* Work instruction:
Without any pictures, copy the records below once more, exactly as they are.

Recorded information Block Start

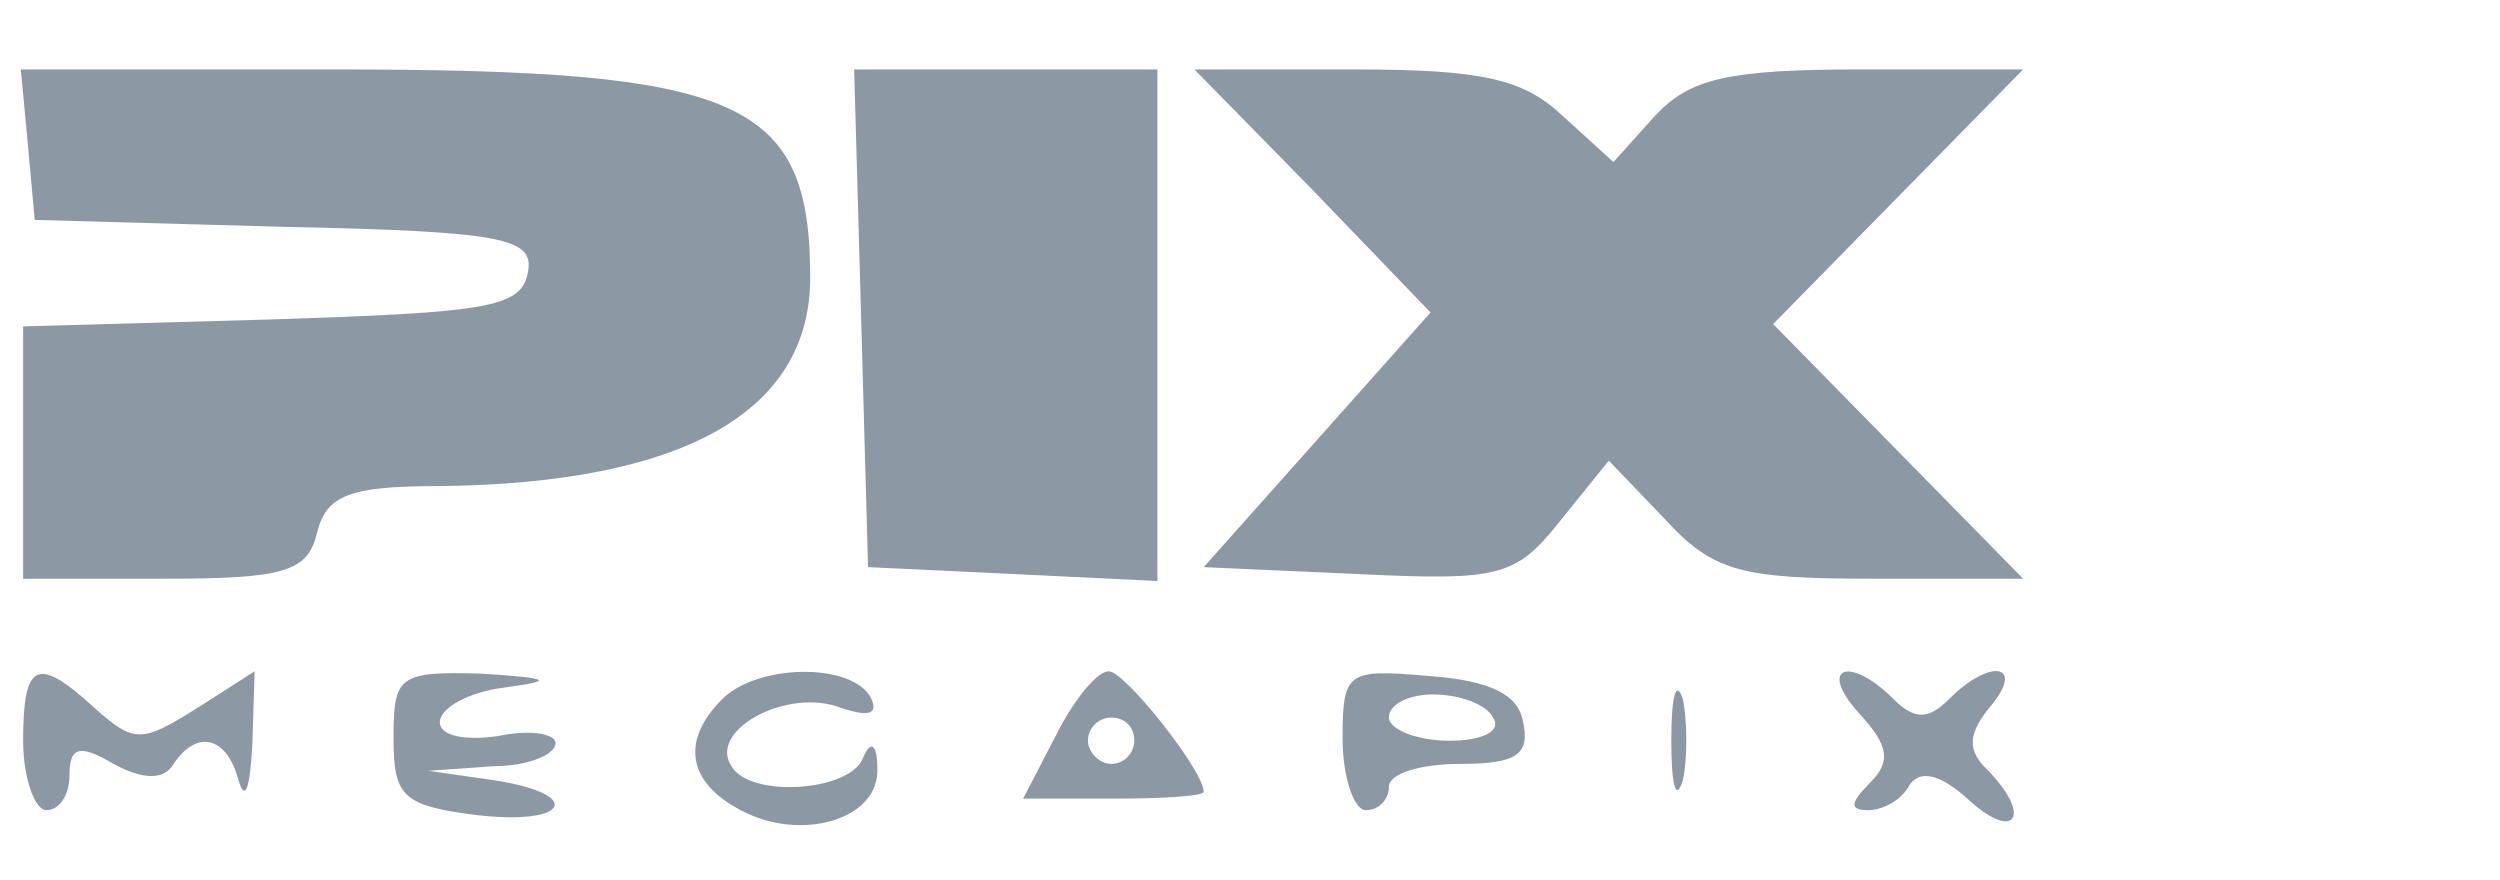 <?xml version="1.0" encoding="UTF-8" standalone="no"?>
<svg
   xmlns:dc="http://purl.org/dc/elements/1.1/"
   xmlns:cc="http://creativecommons.org/ns#"
   xmlns:rdf="http://www.w3.org/1999/02/22-rdf-syntax-ns#"
   xmlns:svg="http://www.w3.org/2000/svg"
   xmlns="http://www.w3.org/2000/svg"
   xmlns:sodipodi="http://sodipodi.sourceforge.net/DTD/sodipodi-0.dtd"
   xmlns:inkscape="http://www.inkscape.org/namespaces/inkscape"
   version="1.0"
   width="108pt"
   height="38pt"
   viewBox="0 0 108 38"
   preserveAspectRatio="xMidYMid meet"
   id="svg3582"
   sodipodi:docname="pix.svg"
   inkscape:version="1.0.1 (3bc2e813f5, 2020-09-07)">
  <defs
     id="defs3586" />
  <sodipodi:namedview
     pagecolor="#ffffff"
     bordercolor="#666666"
     borderopacity="1"
     objecttolerance="10"
     gridtolerance="10"
     guidetolerance="10"
     inkscape:pageopacity="0"
     inkscape:pageshadow="2"
     inkscape:window-width="1048"
     inkscape:window-height="480"
     id="namedview3584"
     showgrid="false"
     inkscape:zoom="1"
     inkscape:cx="72"
     inkscape:cy="25.333333"
     inkscape:window-x="720"
     inkscape:window-y="321"
     inkscape:window-maximized="0"
     inkscape:current-layer="svg3582" />
  <g
     transform="translate(0,38) scale(0.1,-0.1)"
     fill="#000000"
     stroke="none"
     id="g3580"
     style="fill:#8c98a4;fill-opacity:1">
    <path
       d="M12 318 l3 -33 108 -3 c96 -2 108 -5 105 -20 -3 -15 -18 -17 -111 -20 l-107 -3 0 -54 0 -55 61 0 c52 0 62 3 66 20 4 16 14 20 52 20 106 1 161 32 161 90 0 77 -30 90 -205 90 l-136 0 3 -32z"
       id="path3560"
       style="fill:#8c98a4;fill-opacity:1" />
    <path
       d="M372 243 l3 -108 63 -3 62 -3 0 111 0 110 -65 0 -66 0 3 -107z"
       id="path3562"
       style="fill:#8c98a4;fill-opacity:1" />
    <path
       d="M567 298 l51 -53 -49 -55 -49 -55 67 -3 c61 -3 68 -1 87 23 l21 26 24 -25 c21 -23 33 -26 90 -26 l65 0 -54 55 -54 55 54 55 54 55 -70 0 c-58 0 -74 -4 -89 -20 l-18 -20 -22 20 c-17 16 -35 20 -90 20 l-69 0 51 -52z"
       id="path3564"
       style="fill:#8c98a4;fill-opacity:1" />
    <path
       d="M10 60 c0 -16 5 -30 10 -30 6 0 10 7 10 15 0 12 4 14 19 5 13 -7 22 -7 26 0 10 15 23 12 28 -7 3 -10 5 -3 6 15 l1 32 -25 -16 c-24 -15 -27 -15 -44 0 -25 23 -31 20 -31 -14z"
       id="path3566"
       style="fill:#8c98a4;fill-opacity:1" />
    <path
       d="M170 61 c0 -25 4 -29 35 -33 41 -5 48 9 8 15 l-28 4 28 2 c15 0 27 5 27 10 0 4 -11 6 -25 3 -14 -2 -25 0 -25 6 0 6 12 13 28 15 22 3 20 4 -10 6 -36 1 -38 -1 -38 -28z"
       id="path3568"
       style="fill:#8c98a4;fill-opacity:1" />
    <path
       d="M312 78 c-18 -18 -15 -36 8 -48 26 -14 60 -4 59 18 0 11 -3 12 -6 5 -5 -15 -49 -18 -57 -4 -10 15 22 33 45 26 14 -5 19 -4 15 4 -9 15 -49 14 -64 -1z"
       id="path3570"
       style="fill:#8c98a4;fill-opacity:1" />
    <path
       d="M456 62 l-14 -27 39 0 c21 0 39 1 39 3 0 9 -34 52 -41 52 -5 0 -15 -12 -23 -28z m34 -2 c0 -5 -4 -10 -10 -10 -5 0 -10 5 -10 10 0 6 5 10 10 10 6 0 10 -4 10 -10z"
       id="path3572"
       style="fill:#8c98a4;fill-opacity:1" />
    <path
       d="M580 61 c0 -17 5 -31 10 -31 6 0 10 5 10 10 0 6 14 10 31 10 24 0 30 4 27 18 -2 12 -14 18 -41 20 -35 3 -37 2 -37 -27z m65 9 c4 -6 -5 -10 -19 -10 -14 0 -26 5 -26 10 0 6 9 10 19 10 11 0 23 -4 26 -10z"
       id="path3574"
       style="fill:#8c98a4;fill-opacity:1" />
    <path
       d="M722 60 c0 -19 2 -27 5 -17 2 9 2 25 0 35 -3 9 -5 1 -5 -18z"
       id="path3576"
       style="fill:#8c98a4;fill-opacity:1" />
    <path
       d="M803 72 c13 -14 14 -21 5 -30 -9 -9 -9 -12 -1 -12 7 0 15 5 18 11 5 7 14 4 26 -7 20 -18 27 -6 7 14 -8 8 -8 15 2 27 15 18 0 21 -18 3 -9 -9 -15 -9 -24 0 -19 19 -33 14 -15 -6z"
       id="path3578"
       style="fill:#8c98a4;fill-opacity:1" />
  </g>
</svg>

Recorded information Block End

* Solution to the problem:
 <?xml version="1.0" encoding="UTF-8" standalone="no"?>
<svg
   xmlns:dc="http://purl.org/dc/elements/1.1/"
   xmlns:cc="http://creativecommons.org/ns#"
   xmlns:rdf="http://www.w3.org/1999/02/22-rdf-syntax-ns#"
   xmlns:svg="http://www.w3.org/2000/svg"
   xmlns="http://www.w3.org/2000/svg"
   xmlns:sodipodi="http://sodipodi.sourceforge.net/DTD/sodipodi-0.dtd"
   xmlns:inkscape="http://www.inkscape.org/namespaces/inkscape"
   version="1.0"
   width="108pt"
   height="38pt"
   viewBox="0 0 108 38"
   preserveAspectRatio="xMidYMid meet"
   id="svg3582"
   sodipodi:docname="pix.svg"
   inkscape:version="1.0.1 (3bc2e813f5, 2020-09-07)">
  <defs
     id="defs3586" />
  <sodipodi:namedview
     pagecolor="#ffffff"
     bordercolor="#666666"
     borderopacity="1"
     objecttolerance="10"
     gridtolerance="10"
     guidetolerance="10"
     inkscape:pageopacity="0"
     inkscape:pageshadow="2"
     inkscape:window-width="1048"
     inkscape:window-height="480"
     id="namedview3584"
     showgrid="false"
     inkscape:zoom="1"
     inkscape:cx="72"
     inkscape:cy="25.333333"
     inkscape:window-x="720"
     inkscape:window-y="321"
     inkscape:window-maximized="0"
     inkscape:current-layer="svg3582" />
  <g
     transform="translate(0,38) scale(0.1,-0.1)"
     fill="#000000"
     stroke="none"
     id="g3580"
     style="fill:#8c98a4;fill-opacity:1">
    <path
       d="M12 318 l3 -33 108 -3 c96 -2 108 -5 105 -20 -3 -15 -18 -17 -111 -20 l-107 -3 0 -54 0 -55 61 0 c52 0 62 3 66 20 4 16 14 20 52 20 106 1 161 32 161 90 0 77 -30 90 -205 90 l-136 0 3 -32z"
       id="path3560"
       style="fill:#8c98a4;fill-opacity:1" />
    <path
       d="M372 243 l3 -108 63 -3 62 -3 0 111 0 110 -65 0 -66 0 3 -107z"
       id="path3562"
       style="fill:#8c98a4;fill-opacity:1" />
    <path
       d="M567 298 l51 -53 -49 -55 -49 -55 67 -3 c61 -3 68 -1 87 23 l21 26 24 -25 c21 -23 33 -26 90 -26 l65 0 -54 55 -54 55 54 55 54 55 -70 0 c-58 0 -74 -4 -89 -20 l-18 -20 -22 20 c-17 16 -35 20 -90 20 l-69 0 51 -52z"
       id="path3564"
       style="fill:#8c98a4;fill-opacity:1" />
    <path
       d="M10 60 c0 -16 5 -30 10 -30 6 0 10 7 10 15 0 12 4 14 19 5 13 -7 22 -7 26 0 10 15 23 12 28 -7 3 -10 5 -3 6 15 l1 32 -25 -16 c-24 -15 -27 -15 -44 0 -25 23 -31 20 -31 -14z"
       id="path3566"
       style="fill:#8c98a4;fill-opacity:1" />
    <path
       d="M170 61 c0 -25 4 -29 35 -33 41 -5 48 9 8 15 l-28 4 28 2 c15 0 27 5 27 10 0 4 -11 6 -25 3 -14 -2 -25 0 -25 6 0 6 12 13 28 15 22 3 20 4 -10 6 -36 1 -38 -1 -38 -28z"
       id="path3568"
       style="fill:#8c98a4;fill-opacity:1" />
    <path
       d="M312 78 c-18 -18 -15 -36 8 -48 26 -14 60 -4 59 18 0 11 -3 12 -6 5 -5 -15 -49 -18 -57 -4 -10 15 22 33 45 26 14 -5 19 -4 15 4 -9 15 -49 14 -64 -1z"
       id="path3570"
       style="fill:#8c98a4;fill-opacity:1" />
    <path
       d="M456 62 l-14 -27 39 0 c21 0 39 1 39 3 0 9 -34 52 -41 52 -5 0 -15 -12 -23 -28z m34 -2 c0 -5 -4 -10 -10 -10 -5 0 -10 5 -10 10 0 6 5 10 10 10 6 0 10 -4 10 -10z"
       id="path3572"
       style="fill:#8c98a4;fill-opacity:1" />
    <path
       d="M580 61 c0 -17 5 -31 10 -31 6 0 10 5 10 10 0 6 14 10 31 10 24 0 30 4 27 18 -2 12 -14 18 -41 20 -35 3 -37 2 -37 -27z m65 9 c4 -6 -5 -10 -19 -10 -14 0 -26 5 -26 10 0 6 9 10 19 10 11 0 23 -4 26 -10z"
       id="path3574"
       style="fill:#8c98a4;fill-opacity:1" />
    <path
       d="M722 60 c0 -19 2 -27 5 -17 2 9 2 25 0 35 -3 9 -5 1 -5 -18z"
       id="path3576"
       style="fill:#8c98a4;fill-opacity:1" />
    <path
       d="M803 72 c13 -14 14 -21 5 -30 -9 -9 -9 -12 -1 -12 7 0 15 5 18 11 5 7 14 4 26 -7 20 -18 27 -6 7 14 -8 8 -8 15 2 27 15 18 0 21 -18 3 -9 -9 -15 -9 -24 0 -19 19 -33 14 -15 -6z"
       id="path3578"
       style="fill:#8c98a4;fill-opacity:1" />
  </g>
</svg>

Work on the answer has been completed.